# run automatic maintenance notice repeating



## roodap (Mar 2, 2012)

since last 4 days i get this action center message. if i ask it to do it runs for as much an hour or so and stops saying automatic maintenance delayed.
does it mean i cannot use the computer while it runs maintenance ?
i thought it runs in the background while i use the browser or other programs.


----------



## spunk.funk (May 13, 2010)

You can delay or Schedule Automatic Maintenance to a time when you are not on the computer, like overnight.
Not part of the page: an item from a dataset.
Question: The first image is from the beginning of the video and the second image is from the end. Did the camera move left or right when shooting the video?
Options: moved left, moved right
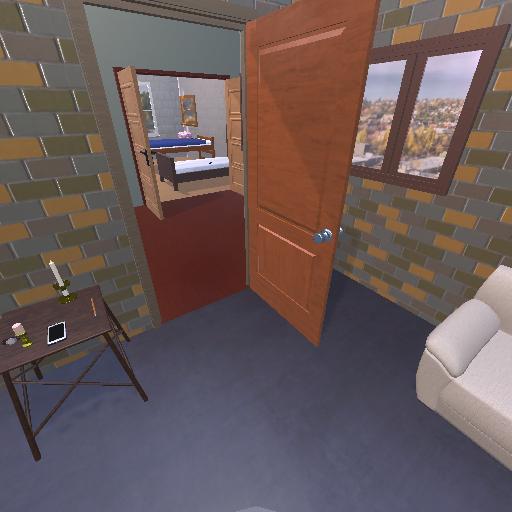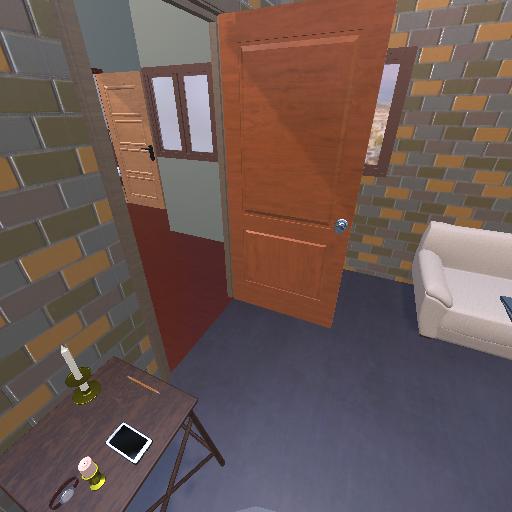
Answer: moved left
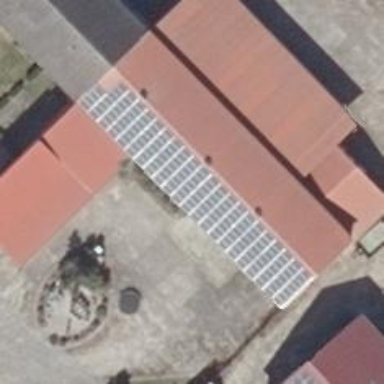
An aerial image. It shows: Solar photovoltaic panel generating electricity through small installation.
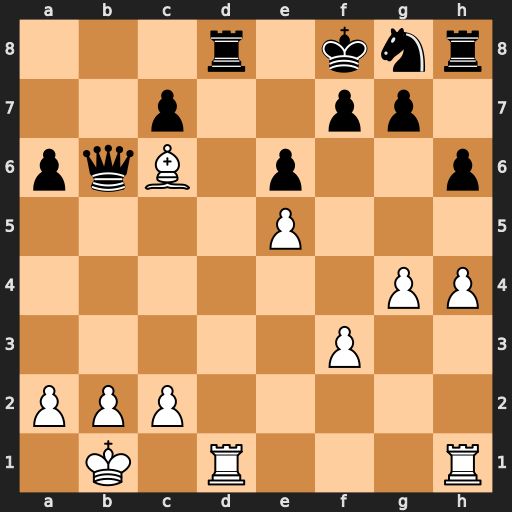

You can also disable it if you prefer: Run, Stop, Schedule, Disable Automatic Maintenance in Windows 8


----------



## roodap (Mar 2, 2012)

tried running it 3 times and left the computer on.
i get this message only.
start maintenance button does bring back here.


----------



## spunk.funk (May 13, 2010)

Click the link for *Change Maintenance Settings*. under the Run Maintenance button.


----------



## roodap (Mar 2, 2012)

it doesn't look like working in widows 8 computers. checked microsoft page 
which says to free upgrade to windows 8.1
the automatic maintenance goes smoothly in windows 8.1


----------



## Corday (Mar 3, 2010)

Run  all Windows Updates


----------



## roodap (Mar 2, 2012)

it is set for automatic update and it works nicely.
everyday i check if it has done that.
it is up todate


----------



## spunk.funk (May 13, 2010)

Go to the* Store App* and Windows 8.1 will be offered as a free update, if you have an OEM or Retail version of Windows 8


----------



## roodap (Mar 2, 2012)

instead upgrading windows 8 i have installed windows 8.1 in another partition of the same hdd. it works nicely and it has been treated as upgrade only by MS.
my OEM is windows 7 home in toshiba satellite C855D amd64


----------